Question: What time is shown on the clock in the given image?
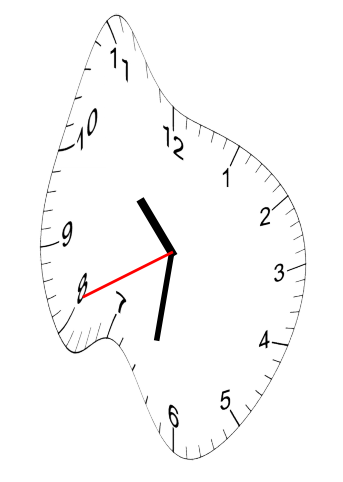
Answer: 10:31:41
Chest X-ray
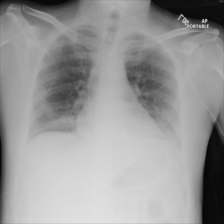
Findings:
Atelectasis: negative
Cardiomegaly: negative
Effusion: negative
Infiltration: negative
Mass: negative
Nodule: negative
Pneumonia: negative
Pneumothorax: negative
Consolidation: negative
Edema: negative
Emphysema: negative
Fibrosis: negative
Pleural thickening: negative
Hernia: negative
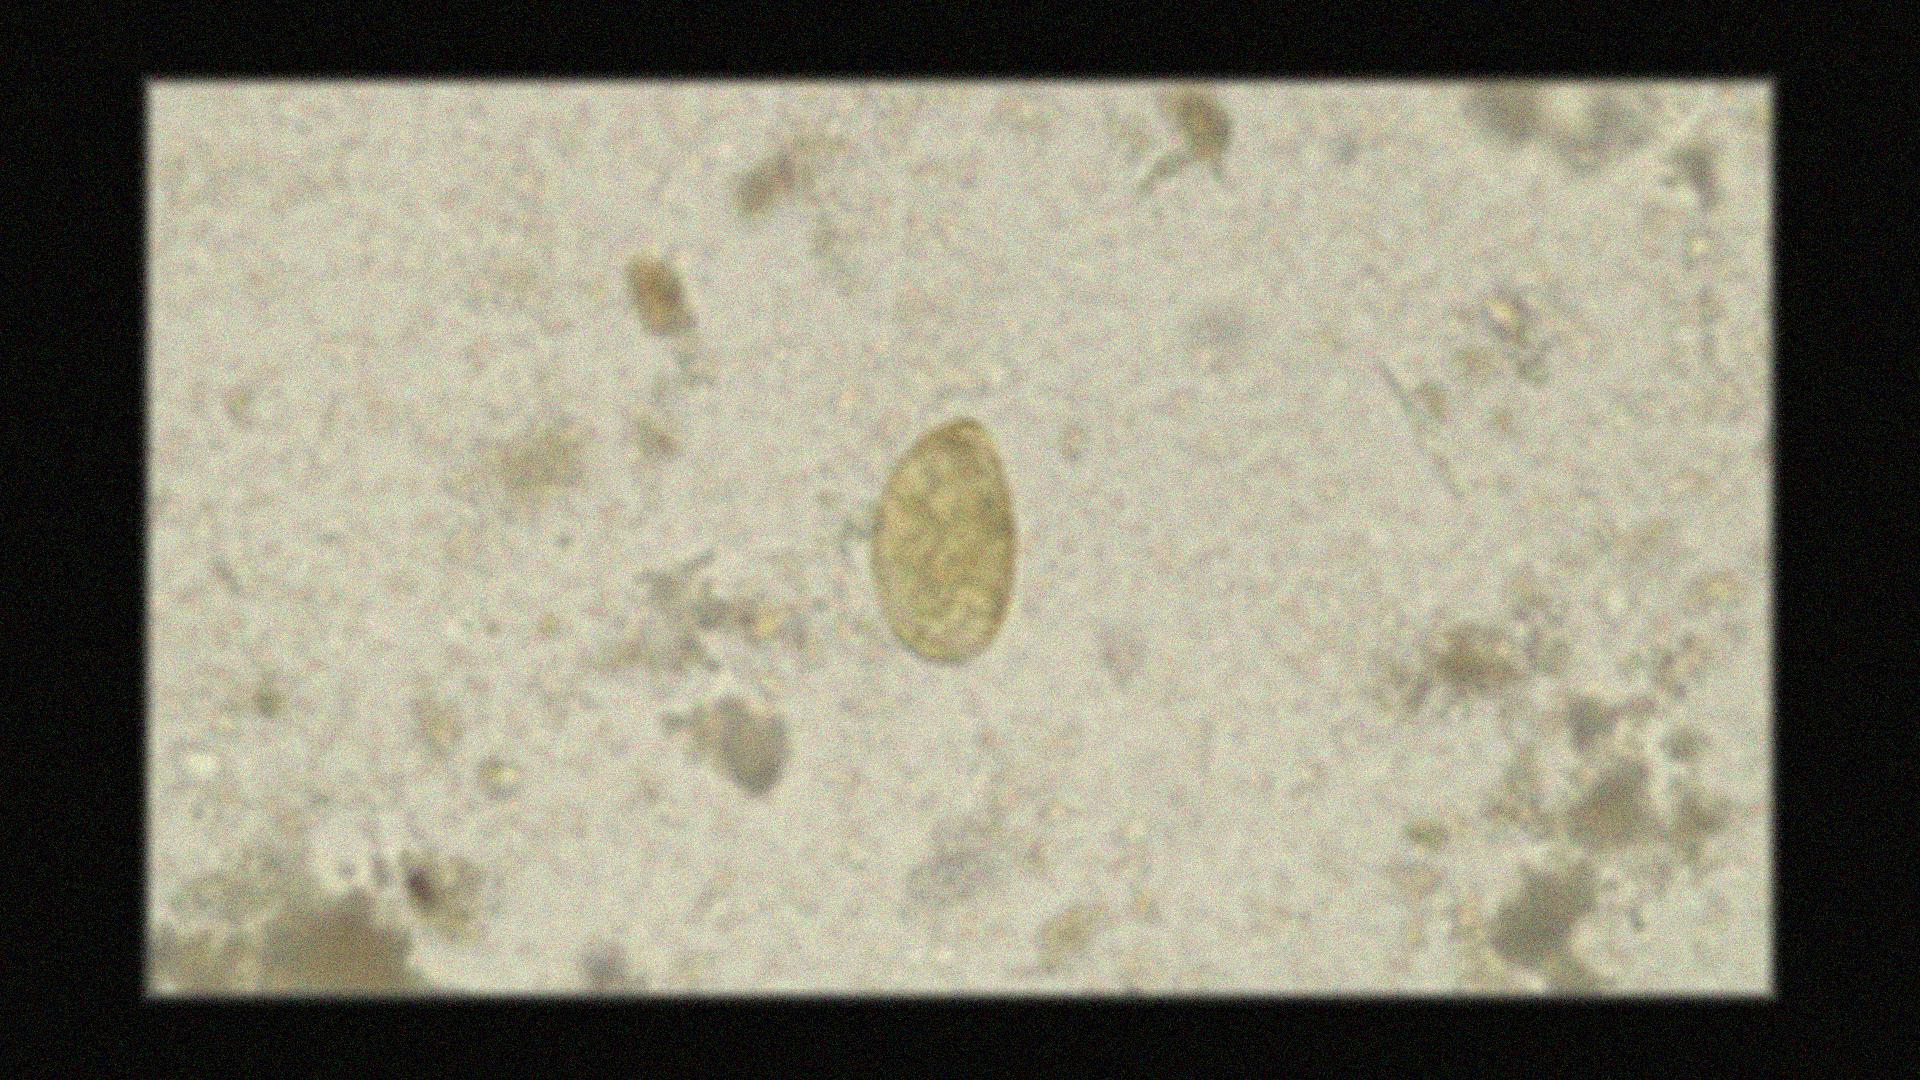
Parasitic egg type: Paragonimus spp
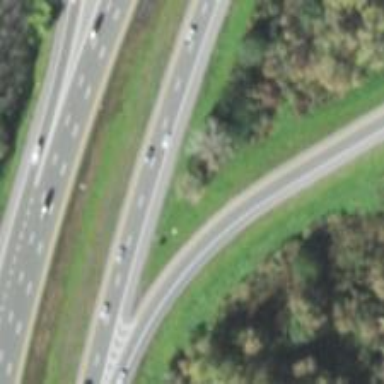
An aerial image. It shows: Asphalt motorway link.
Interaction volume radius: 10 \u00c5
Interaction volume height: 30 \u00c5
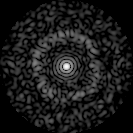
Disorder parameter: 0.8204
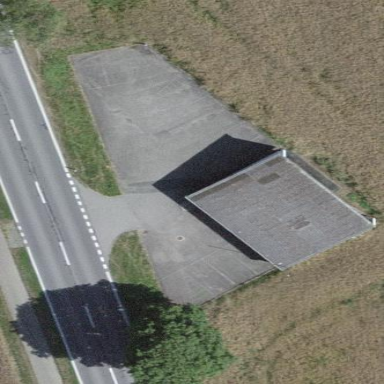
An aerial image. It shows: Building dedicated to shooting sports.
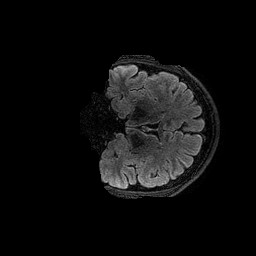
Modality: FLAIR
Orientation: coronal
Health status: ill
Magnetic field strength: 3 T
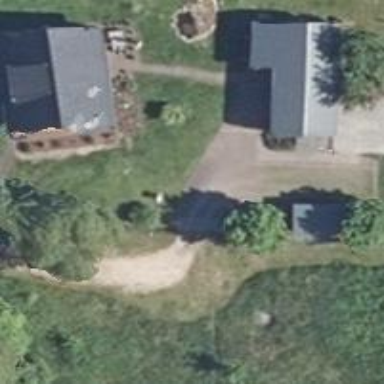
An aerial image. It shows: Driveway.
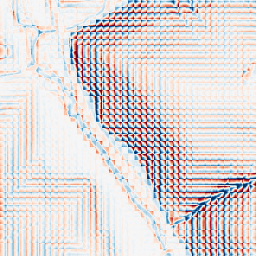
Category: wavelet
Decomposition family: wavelet_dwt
Decomposition parameters: wavelet: haar
level: 3
Upsampling method: quintic
Upsampling parameters: scale: 8
Upsampling scale: 8
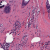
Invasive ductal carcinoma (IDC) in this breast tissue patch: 0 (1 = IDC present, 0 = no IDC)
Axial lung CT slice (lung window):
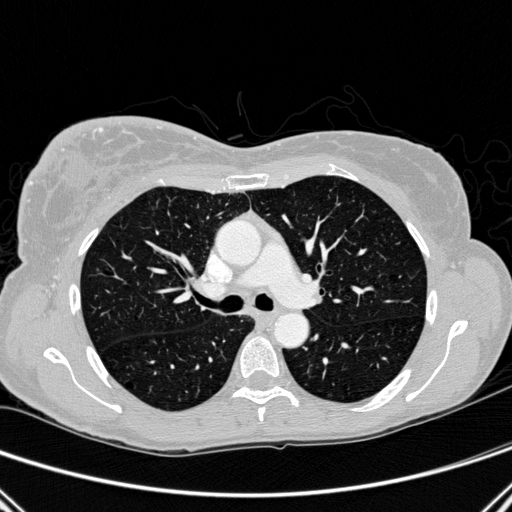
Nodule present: no
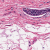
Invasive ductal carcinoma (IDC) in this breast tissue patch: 0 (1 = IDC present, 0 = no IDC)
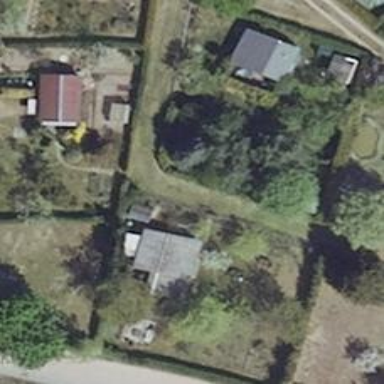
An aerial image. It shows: Road leading to allotments.
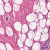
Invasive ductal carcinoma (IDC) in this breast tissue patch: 0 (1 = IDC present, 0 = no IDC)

→ **What needs to be done**:
After dropping the pictures, reproduce exactly the lines from the first line of the entries through the line containing "Parasitic egg type: Paragonimus spp", both included.

→ **Written solution**:
Question: What time is shown on the clock in the given image?
Answer: 10:31:41
Chest X-ray
Findings:
Atelectasis: negative
Cardiomegaly: negative
Effusion: negative
Infiltration: negative
Mass: negative
Nodule: negative
Pneumonia: negative
Pneumothorax: negative
Consolidation: negative
Edema: negative
Emphysema: negative
Fibrosis: negative
Pleural thickening: negative
Hernia: negative
Parasitic egg type: Paragonimus spp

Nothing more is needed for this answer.